In this example, p2 is assigned the value returned by bar(), but that value is never used. Note this example assumes that foo() and bar() return valid pointers (see [[DCL30-C. Do not refer to an object outside of its lifetime]]).

int *p1, *p2;
p1 = foo();
p2 = bar();

if (baz())
   return p1;
else
    p2 = p1;
return p2;

Compliant Solution

This example can be corrected many different ways depending on the intent of the programmer.
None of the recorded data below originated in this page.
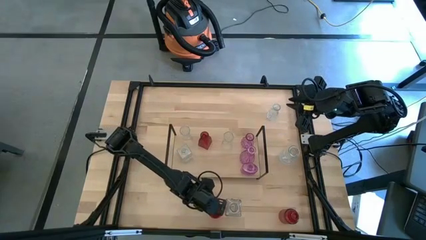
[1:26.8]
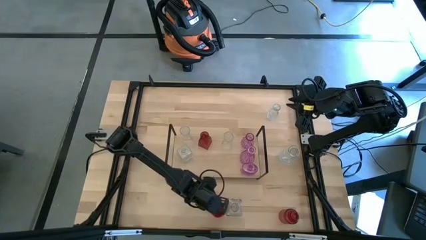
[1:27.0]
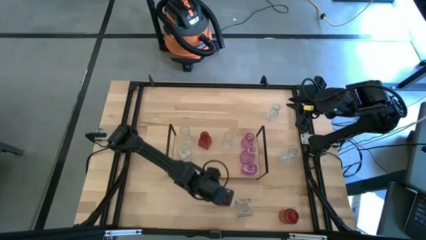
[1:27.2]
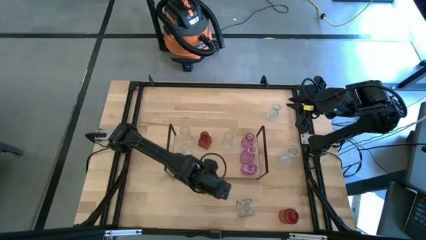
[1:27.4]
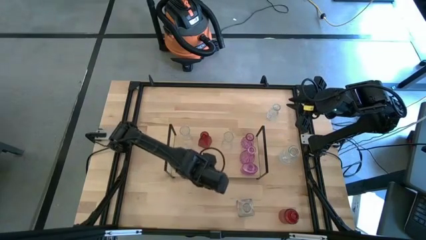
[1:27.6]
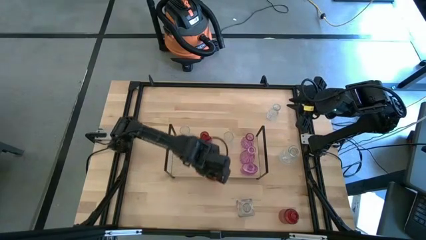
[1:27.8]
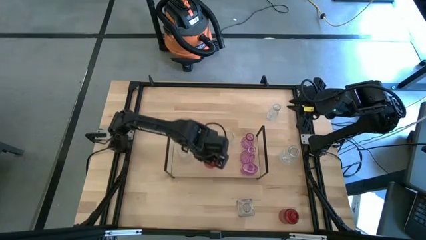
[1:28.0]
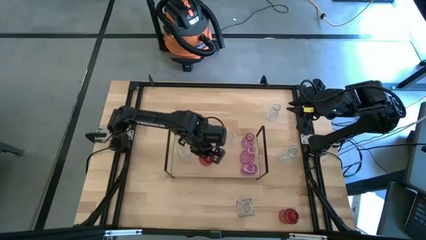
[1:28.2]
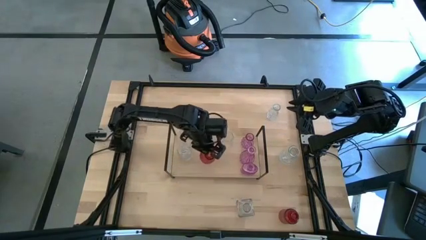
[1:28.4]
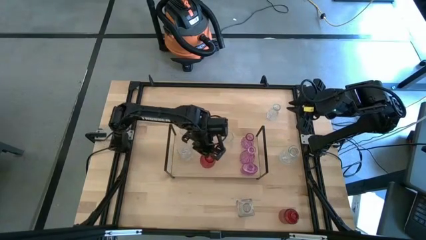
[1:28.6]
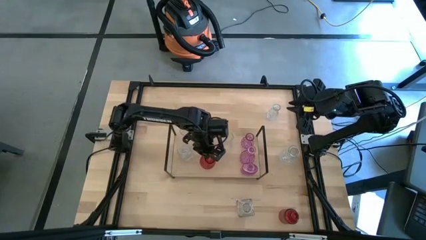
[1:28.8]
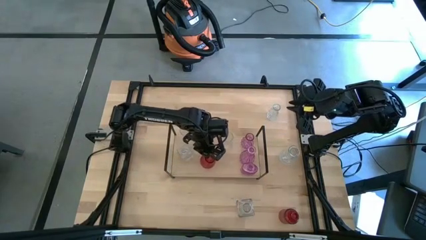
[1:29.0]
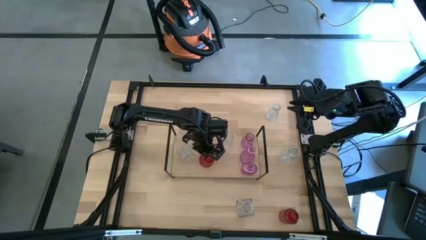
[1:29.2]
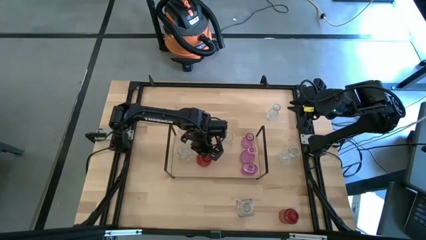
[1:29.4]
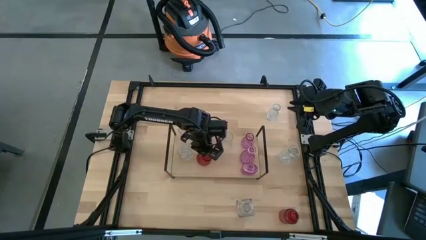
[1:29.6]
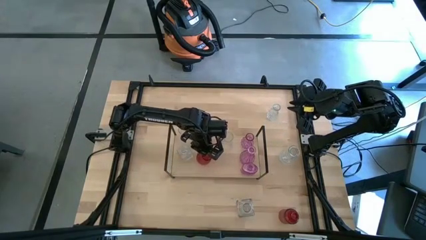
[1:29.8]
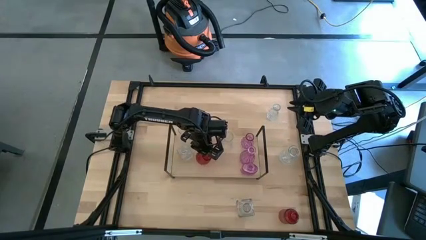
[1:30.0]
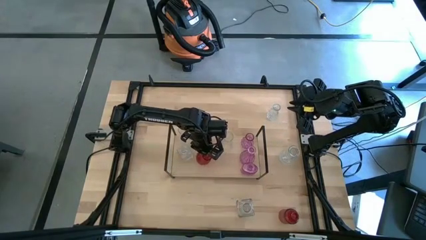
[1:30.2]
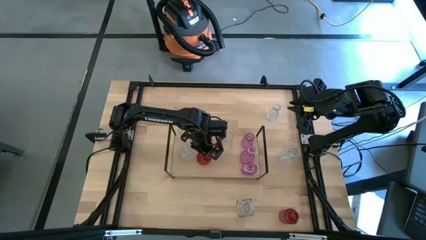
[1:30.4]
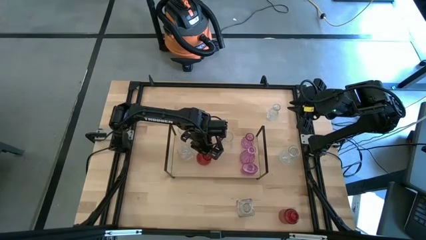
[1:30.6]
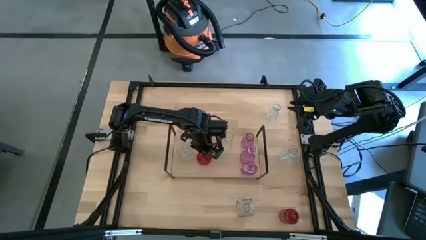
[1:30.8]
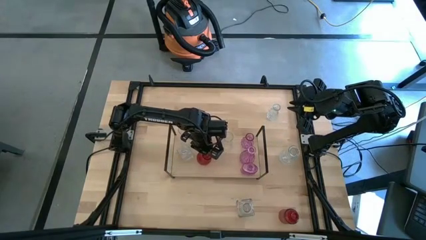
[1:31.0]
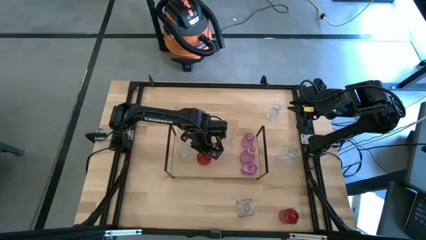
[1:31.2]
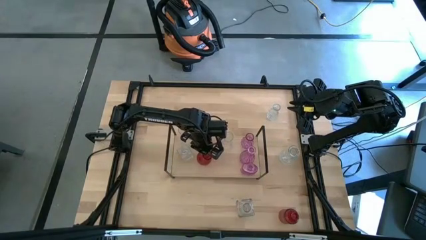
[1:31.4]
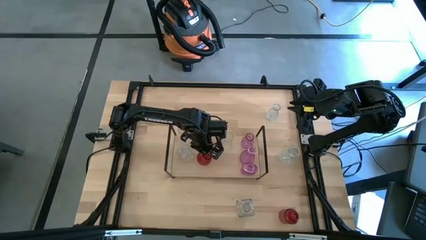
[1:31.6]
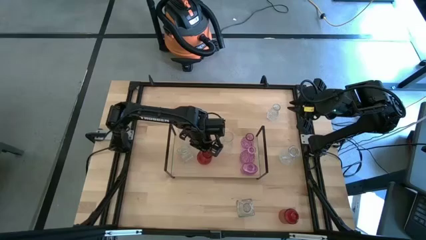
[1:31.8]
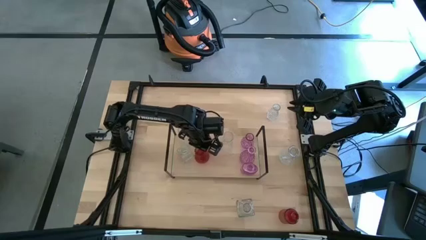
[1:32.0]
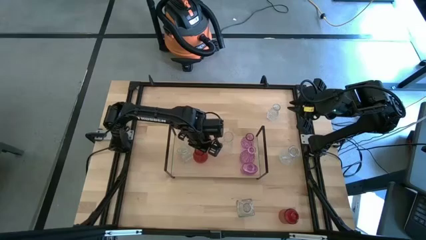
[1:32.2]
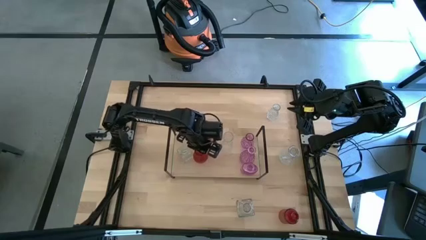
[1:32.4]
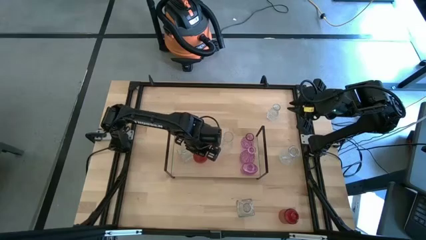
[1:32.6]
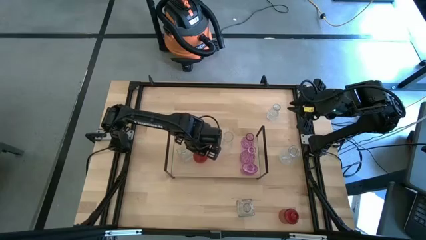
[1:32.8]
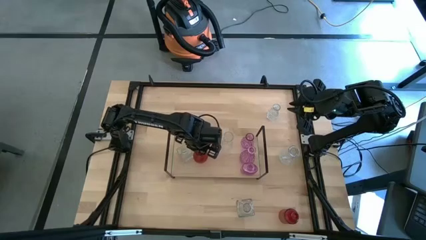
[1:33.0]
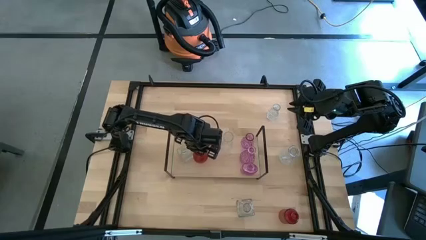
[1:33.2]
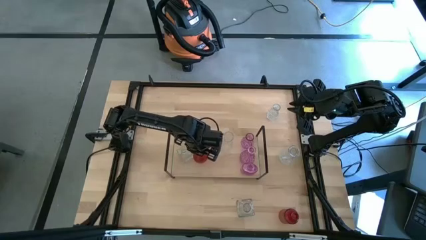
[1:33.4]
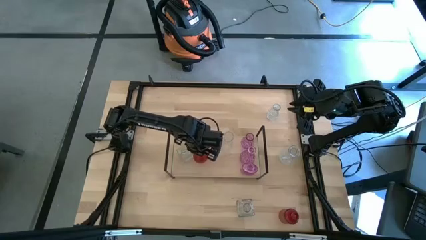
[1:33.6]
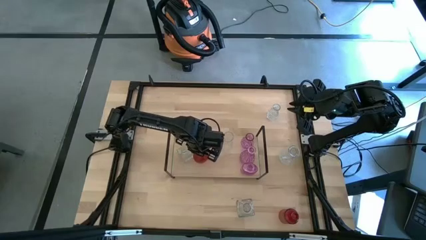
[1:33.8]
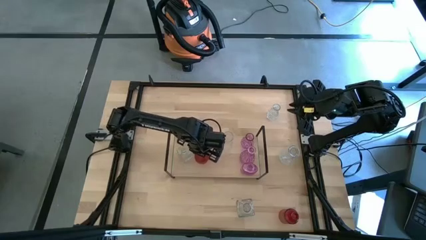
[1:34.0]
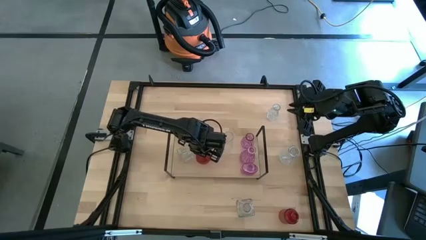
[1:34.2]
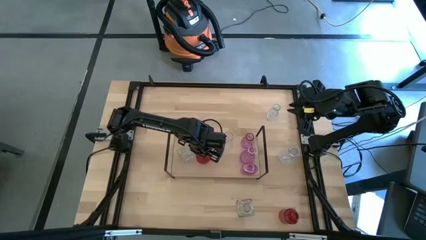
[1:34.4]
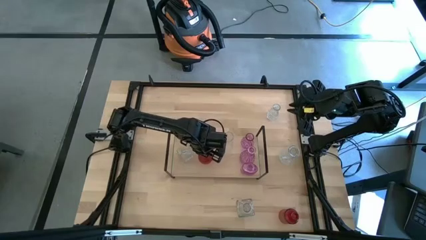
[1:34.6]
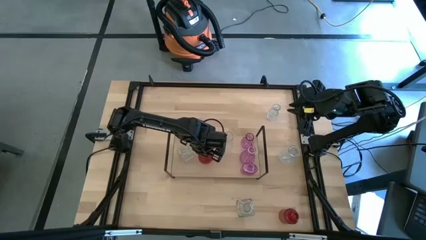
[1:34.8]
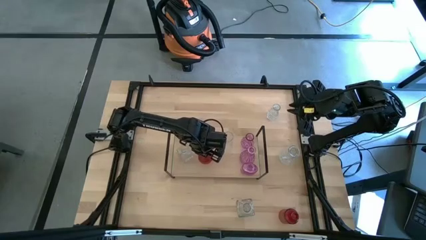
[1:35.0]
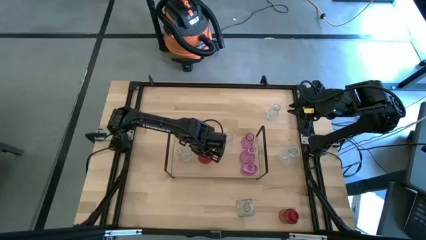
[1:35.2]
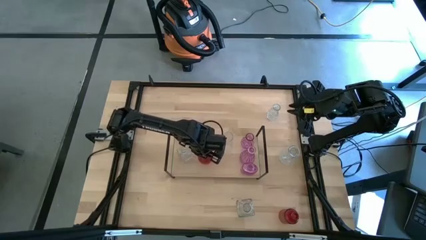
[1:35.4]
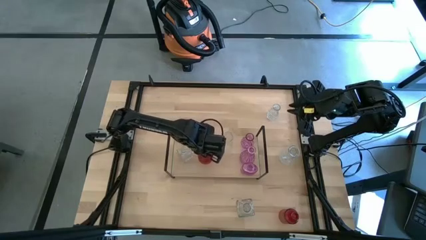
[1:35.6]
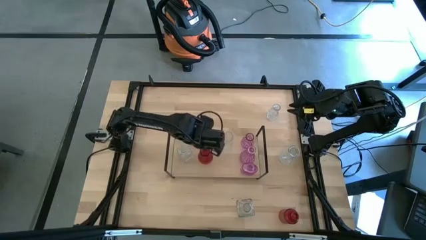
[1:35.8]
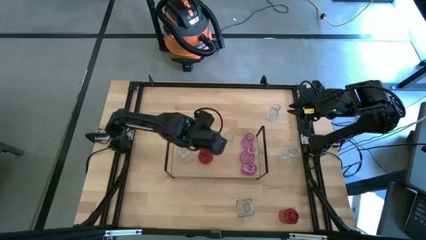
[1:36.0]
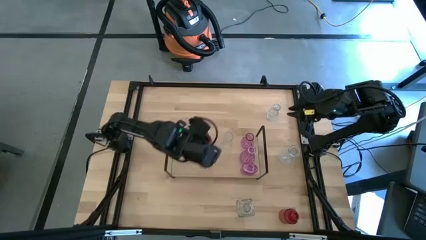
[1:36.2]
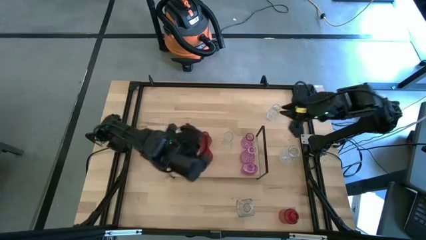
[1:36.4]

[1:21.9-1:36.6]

In this compliant solution, p2 is initialized to NULL rather than the result of bar(). The call to bar() can be removed if bar() does not produce any side-effects.

int *p1 = foo();
int *p2 = NULL;
bar(); /* Removable if bar() does not produce any side-effects */
if (baz()) {
   return p1;
}
else {
  p2 = p1;
}
return p2;

Risk Assessment

Unused values may indicate significant logic errors, possibly resulting in a denial of service condition.

Recommendation

Severity

Likelihood

Remediation Cost

Priority

Level

MSC13-A

1 (low)

1 (unlikely)

2 (medium)

P2

L3

Automated Detection

The Coverity Prevent UNUSED_VALUE checker finds variables that are assigned pointer values returned from a function call but never used. Coverity Prevent cannot discover all violations of this rule so further verification is necessary.

Related Vulnerabilities

Search for vulnerabilities resulting from the violation of this rule on the CERT website.

References

Coverity 07 Coverity Prevent? User's Manual (3.3.0) (2007).